I came across several answers relating to temporal servermetrics. I am new to temporal and would like to understand the following:
When is service_latency, service_error_with_type, persistence_errors and persistence_latency metric useful?
what does task_schedule_to_start_latency do?
3.Difference between an sync match and async match. what is an async match latency ?
Difference between workflow lock contention and shard Lock contention. what does cache_latency_bucket do?
Are there any other important metrics that need to be monitored from a cluster level? Please mention if there any document that tells what every server metric does.
service_latency is typically starting point for investigating which operation(s) have latency issues service_error_with_type (since server version 1.17) would give you indication what service errors you might be running into persistence_errors for checking any persistence-related issues, not does not include resource exhausted issues, for that check persistence_errors_resource_exhausted persistence_latency can give you indication of your db has enough capacity to handle requests
task_schedule_to_start_latency gives you the schedule (when workflow/activity task is placed on matching task queue) to start (when task is dispatched to your worker poller) latency. It can be very useful for detecting worker capacity and help optimize worker performance.
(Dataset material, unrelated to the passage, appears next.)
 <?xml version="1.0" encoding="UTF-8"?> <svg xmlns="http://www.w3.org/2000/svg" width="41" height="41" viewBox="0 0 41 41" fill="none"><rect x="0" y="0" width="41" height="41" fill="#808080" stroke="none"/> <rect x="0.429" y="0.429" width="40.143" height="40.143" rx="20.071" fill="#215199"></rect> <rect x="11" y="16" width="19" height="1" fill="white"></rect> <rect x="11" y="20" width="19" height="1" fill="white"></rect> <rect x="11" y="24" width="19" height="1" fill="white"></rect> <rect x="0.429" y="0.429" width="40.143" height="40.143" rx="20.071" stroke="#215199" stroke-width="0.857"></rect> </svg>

It’s the service-side equivalent of sdk metrics workflow_task_schedule_to_start_latency and activity_schedule_to_start_latency
workflow lock contention - any updates to a workflow execution are done under a per-workflow lock. if you have a very large number of updates to single execution, for example if you start a very large number of activities in parallel, each of these updates (scheduling of activities) would try to obtain the workflow lock, only one can do it at a time cache_latency measures history cache get operation latency including obtaining a lock, if high means is waiting on per-workflow lock and is good indication to restructure your workflow impl to not start too many activities/child workflows in parallel. same could be case for large number of activities that all heartbeat
synch match means matching service can dispatch a task (workflow/activity task) from task queue to one of your worker pollers without having to persist it (meaning your workers have enough capacity and available executor slots and pollers to handle new tasks very quickly. async match means matching service had to persist tasks to db and then dispatch them to one of your worker pollers when they become available. sync match rate is the ration of sync and async match polls and gives a pretty good indication about your worker capacity as in being able to process all tasks for use case as fast as possible.
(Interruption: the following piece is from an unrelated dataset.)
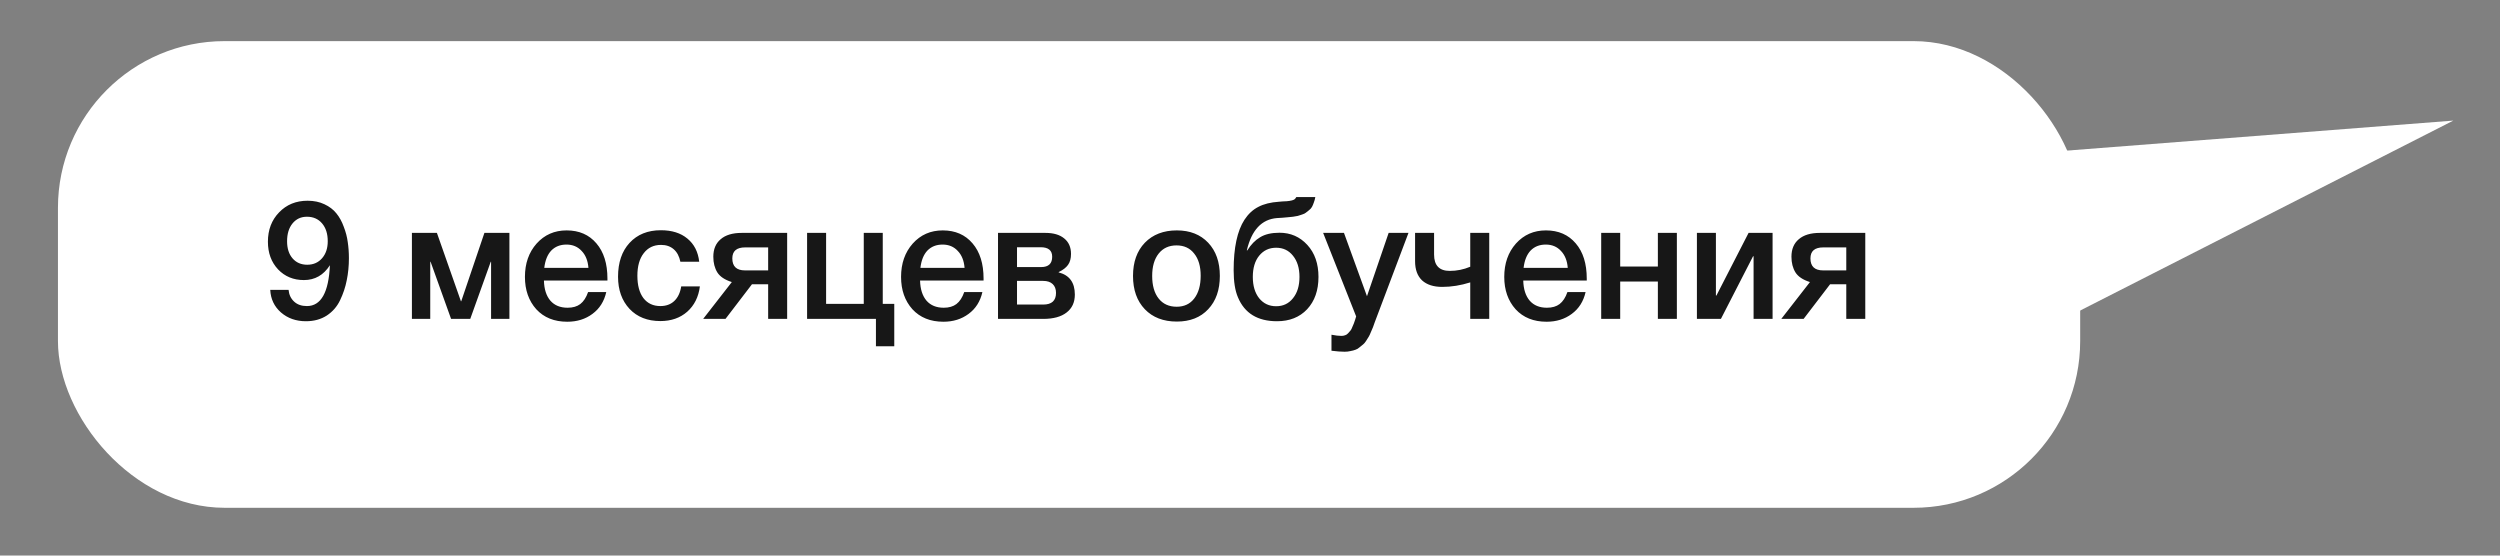 <?xml version="1.0" encoding="UTF-8"?> <svg xmlns="http://www.w3.org/2000/svg" width="225" height="50" viewBox="0 0 225 50" fill="none"><rect x="0" y="0" width="225" height="50" fill="#808080" stroke="none"/> <rect x="5.216" y="3.701" width="182" height="42" rx="15" fill="white"></rect> <path d="M24.322 26.091H25.972C26.012 26.521 26.177 26.871 26.467 27.141C26.757 27.411 27.142 27.546 27.622 27.546C28.892 27.546 29.582 26.321 29.692 23.871C29.122 24.761 28.342 25.206 27.352 25.206C26.412 25.206 25.637 24.886 25.027 24.246C24.417 23.596 24.112 22.766 24.112 21.756C24.112 20.686 24.447 19.806 25.117 19.116C25.787 18.416 26.642 18.066 27.682 18.066C28.252 18.066 28.757 18.171 29.197 18.381C29.647 18.591 30.007 18.866 30.277 19.206C30.547 19.536 30.767 19.936 30.937 20.406C31.117 20.866 31.237 21.326 31.297 21.786C31.367 22.246 31.402 22.731 31.402 23.241C31.402 23.931 31.337 24.591 31.207 25.221C31.087 25.841 30.887 26.441 30.607 27.021C30.337 27.591 29.937 28.051 29.407 28.401C28.877 28.741 28.252 28.911 27.532 28.911C26.642 28.911 25.892 28.646 25.282 28.116C24.682 27.586 24.362 26.911 24.322 26.091ZM27.622 19.506C27.082 19.506 26.647 19.711 26.317 20.121C25.997 20.521 25.837 21.051 25.837 21.711C25.837 22.361 26.002 22.876 26.332 23.256C26.662 23.636 27.102 23.826 27.652 23.826C28.202 23.826 28.647 23.631 28.987 23.241C29.327 22.851 29.497 22.341 29.497 21.711C29.497 21.041 29.327 20.506 28.987 20.106C28.647 19.706 28.192 19.506 27.622 19.506ZM38.722 28.701H37.072V20.961H39.322L41.482 27.111H41.512L43.597 20.961H45.847V28.701H44.197V23.556H44.167L42.322 28.701H40.597L38.752 23.556H38.722V28.701ZM54.564 26.286C54.374 27.126 53.959 27.781 53.319 28.251C52.689 28.721 51.934 28.956 51.054 28.956C49.884 28.956 48.954 28.581 48.264 27.831C47.584 27.071 47.244 26.101 47.244 24.921C47.244 23.711 47.594 22.711 48.294 21.921C49.004 21.131 49.904 20.736 50.994 20.736C52.124 20.736 53.019 21.126 53.679 21.906C54.339 22.676 54.669 23.731 54.669 25.071V25.251H48.954C48.974 26.031 49.169 26.636 49.539 27.066C49.909 27.486 50.424 27.696 51.084 27.696C51.554 27.696 51.934 27.586 52.224 27.366C52.524 27.136 52.759 26.776 52.929 26.286H54.564ZM52.959 24.111C52.909 23.461 52.704 22.951 52.344 22.581C51.994 22.201 51.539 22.011 50.979 22.011C50.419 22.011 49.964 22.191 49.614 22.551C49.274 22.911 49.064 23.431 48.984 24.111H52.959ZM62.989 25.776C62.869 26.726 62.489 27.486 61.849 28.056C61.209 28.616 60.404 28.896 59.434 28.896C58.274 28.896 57.349 28.531 56.659 27.801C55.969 27.061 55.624 26.096 55.624 24.906C55.624 23.626 55.969 22.611 56.659 21.861C57.359 21.101 58.299 20.721 59.479 20.721C60.469 20.721 61.264 20.971 61.864 21.471C62.474 21.971 62.829 22.666 62.929 23.556H61.234C61.134 23.066 60.934 22.691 60.634 22.431C60.334 22.171 59.954 22.041 59.494 22.041C58.834 22.041 58.314 22.291 57.934 22.791C57.554 23.281 57.364 23.956 57.364 24.816C57.364 25.676 57.544 26.346 57.904 26.826C58.274 27.306 58.784 27.546 59.434 27.546C59.944 27.546 60.359 27.396 60.679 27.096C61.009 26.786 61.219 26.346 61.309 25.776H62.989ZM70.844 28.701H69.134V25.581H67.679L65.294 28.701H63.284L65.864 25.386C65.234 25.186 64.799 24.896 64.559 24.516C64.319 24.126 64.199 23.656 64.199 23.106C64.199 22.426 64.419 21.901 64.859 21.531C65.299 21.151 65.929 20.961 66.749 20.961H70.844V28.701ZM69.134 24.336V22.266H67.064C66.294 22.266 65.909 22.596 65.909 23.256C65.909 23.976 66.289 24.336 67.049 24.336H69.134ZM79.448 27.351H80.484V31.161H78.834V28.701H72.638V20.961H74.349V27.351H77.739V20.961H79.448V27.351ZM88.416 26.286C88.226 27.126 87.811 27.781 87.171 28.251C86.541 28.721 85.786 28.956 84.906 28.956C83.736 28.956 82.806 28.581 82.116 27.831C81.436 27.071 81.096 26.101 81.096 24.921C81.096 23.711 81.446 22.711 82.146 21.921C82.856 21.131 83.756 20.736 84.846 20.736C85.976 20.736 86.871 21.126 87.531 21.906C88.191 22.676 88.521 23.731 88.521 25.071V25.251H82.806C82.826 26.031 83.021 26.636 83.391 27.066C83.761 27.486 84.276 27.696 84.936 27.696C85.406 27.696 85.786 27.586 86.076 27.366C86.376 27.136 86.611 26.776 86.781 26.286H88.416ZM86.811 24.111C86.761 23.461 86.556 22.951 86.196 22.581C85.846 22.201 85.391 22.011 84.831 22.011C84.271 22.011 83.816 22.191 83.466 22.551C83.126 22.911 82.916 23.431 82.836 24.111H86.811ZM96.736 26.511C96.736 27.211 96.486 27.751 95.986 28.131C95.496 28.511 94.796 28.701 93.886 28.701H89.821V20.961H94.096C94.816 20.961 95.376 21.126 95.776 21.456C96.186 21.786 96.391 22.251 96.391 22.851C96.391 23.261 96.301 23.591 96.121 23.841C95.941 24.091 95.661 24.306 95.281 24.486V24.516C96.251 24.766 96.736 25.431 96.736 26.511ZM93.886 25.281H91.531V27.411H93.886C94.656 27.411 95.041 27.061 95.041 26.361C95.041 26.021 94.941 25.756 94.741 25.566C94.541 25.376 94.256 25.281 93.886 25.281ZM93.661 22.251H91.531V24.036H93.706C94.366 24.036 94.696 23.726 94.696 23.106C94.696 22.536 94.351 22.251 93.661 22.251ZM105.916 20.736C107.096 20.736 108.036 21.106 108.736 21.846C109.436 22.586 109.786 23.581 109.786 24.831C109.786 26.091 109.436 27.091 108.736 27.831C108.046 28.571 107.106 28.941 105.916 28.941C104.706 28.941 103.746 28.571 103.036 27.831C102.326 27.091 101.971 26.091 101.971 24.831C101.971 23.581 102.326 22.586 103.036 21.846C103.756 21.106 104.716 20.736 105.916 20.736ZM107.476 22.821C107.096 22.331 106.566 22.086 105.886 22.086C105.206 22.086 104.671 22.331 104.281 22.821C103.891 23.311 103.696 23.981 103.696 24.831C103.696 25.701 103.891 26.381 104.281 26.871C104.671 27.361 105.211 27.606 105.901 27.606C106.571 27.606 107.096 27.361 107.476 26.871C107.866 26.371 108.061 25.686 108.061 24.816C108.061 23.966 107.866 23.301 107.476 22.821ZM118.663 24.921C118.663 26.131 118.323 27.101 117.643 27.831C116.963 28.551 116.058 28.911 114.928 28.911C113.188 28.911 112.018 28.196 111.418 26.766C111.158 26.166 111.028 25.351 111.028 24.321C111.028 22.291 111.353 20.776 112.003 19.776C112.343 19.256 112.758 18.871 113.248 18.621C113.738 18.361 114.358 18.206 115.108 18.156C115.198 18.146 115.318 18.136 115.468 18.126C115.628 18.116 115.738 18.111 115.798 18.111C115.868 18.101 115.953 18.091 116.053 18.081C116.163 18.061 116.238 18.046 116.278 18.036C116.328 18.016 116.383 17.996 116.443 17.976C116.503 17.946 116.548 17.911 116.578 17.871C116.608 17.831 116.638 17.786 116.668 17.736H118.378C118.348 17.916 118.303 18.081 118.243 18.231C118.193 18.381 118.138 18.511 118.078 18.621C118.018 18.731 117.928 18.831 117.808 18.921C117.698 19.011 117.603 19.086 117.523 19.146C117.453 19.206 117.338 19.261 117.178 19.311C117.018 19.361 116.893 19.401 116.803 19.431C116.713 19.451 116.568 19.476 116.368 19.506C116.168 19.526 116.018 19.541 115.918 19.551C115.828 19.561 115.663 19.576 115.423 19.596C115.193 19.606 115.028 19.616 114.928 19.626C113.548 19.736 112.643 20.706 112.213 22.536H112.258C112.588 22.006 112.973 21.611 113.413 21.351C113.853 21.081 114.433 20.946 115.153 20.946C116.153 20.946 116.988 21.311 117.658 22.041C118.328 22.771 118.663 23.731 118.663 24.921ZM116.953 24.921C116.953 24.131 116.758 23.496 116.368 23.016C115.988 22.536 115.483 22.296 114.853 22.296C114.223 22.296 113.713 22.536 113.323 23.016C112.943 23.486 112.753 24.121 112.753 24.921C112.753 25.721 112.943 26.361 113.323 26.841C113.713 27.321 114.223 27.561 114.853 27.561C115.483 27.561 115.988 27.321 116.368 26.841C116.758 26.361 116.953 25.721 116.953 24.921ZM126.763 20.961L123.898 28.551C123.868 28.621 123.813 28.766 123.733 28.986C123.653 29.216 123.598 29.371 123.568 29.451C123.538 29.531 123.478 29.671 123.388 29.871C123.308 30.071 123.243 30.211 123.193 30.291C123.143 30.371 123.068 30.491 122.968 30.651C122.868 30.811 122.773 30.926 122.683 30.996C122.603 31.066 122.498 31.151 122.368 31.251C122.248 31.361 122.123 31.436 121.993 31.476C121.863 31.526 121.713 31.566 121.543 31.596C121.383 31.636 121.208 31.656 121.018 31.656C120.698 31.656 120.303 31.626 119.833 31.566V30.126C120.193 30.196 120.493 30.231 120.733 30.231C120.853 30.231 120.963 30.211 121.063 30.171C121.163 30.141 121.253 30.081 121.333 29.991C121.413 29.911 121.483 29.831 121.543 29.751C121.603 29.681 121.658 29.576 121.708 29.436C121.768 29.306 121.813 29.201 121.843 29.121C121.873 29.051 121.913 28.936 121.963 28.776C122.013 28.616 122.043 28.516 122.053 28.476L119.083 20.961H120.958L123.028 26.661L124.978 20.961H126.763ZM132.322 25.416C131.462 25.686 130.622 25.821 129.802 25.821C129.022 25.821 128.417 25.626 127.987 25.236C127.567 24.836 127.357 24.261 127.357 23.511V20.961H129.067V22.911C129.067 23.891 129.537 24.381 130.477 24.381C131.117 24.381 131.732 24.256 132.322 24.006V20.961H134.032V28.701H132.322V25.416ZM142.703 26.286C142.513 27.126 142.098 27.781 141.458 28.251C140.828 28.721 140.073 28.956 139.193 28.956C138.023 28.956 137.093 28.581 136.403 27.831C135.723 27.071 135.383 26.101 135.383 24.921C135.383 23.711 135.733 22.711 136.433 21.921C137.143 21.131 138.043 20.736 139.133 20.736C140.263 20.736 141.158 21.126 141.818 21.906C142.478 22.676 142.808 23.731 142.808 25.071V25.251H137.093C137.113 26.031 137.308 26.636 137.678 27.066C138.048 27.486 138.563 27.696 139.223 27.696C139.693 27.696 140.073 27.586 140.363 27.366C140.663 27.136 140.898 26.776 141.068 26.286H142.703ZM141.098 24.111C141.048 23.461 140.843 22.951 140.483 22.581C140.133 22.201 139.678 22.011 139.118 22.011C138.558 22.011 138.103 22.191 137.753 22.551C137.413 22.911 137.203 23.431 137.123 24.111H141.098ZM145.818 28.701H144.108V20.961H145.818V23.991H149.208V20.961H150.918V28.701H149.208V25.341H145.818V28.701ZM154.882 28.701H152.722V20.961H154.432V26.601H154.477L157.372 20.961H159.532V28.701H157.822V23.061H157.777L154.882 28.701ZM167.875 28.701H166.165V25.581H164.71L162.325 28.701H160.315L162.895 25.386C162.265 25.186 161.83 24.896 161.59 24.516C161.35 24.126 161.23 23.656 161.23 23.106C161.23 22.426 161.45 21.901 161.89 21.531C162.33 21.151 162.96 20.961 163.78 20.961H167.875V28.701ZM166.165 24.336V22.266H164.095C163.325 22.266 162.94 22.596 162.94 23.256C162.94 23.976 163.32 24.336 164.08 24.336H166.165Z" fill="#171717"></path> <path d="M220.801 10.853L172.232 35.575L185.044 13.63L220.801 10.853Z" fill="white"></path> </svg>

Thank you @tihomir for your quick response. That helps.
Can you tell me the unit for these metrics ? Service_requests, service_error_with_type and persistence_requests.
Is there any threshold that can be set for persistence_latency and service_latency?
service_requests, service_error_with_type, persistence_requests are all counters
persistence_latency will depend on your db capacity and workload, typically should be in low hundreds of ms. Note that unprovisioned workers can also add extra pressure on db.
Similarly service_latency might also depend on how optimized your workers are as well as use case (for example burst use cases)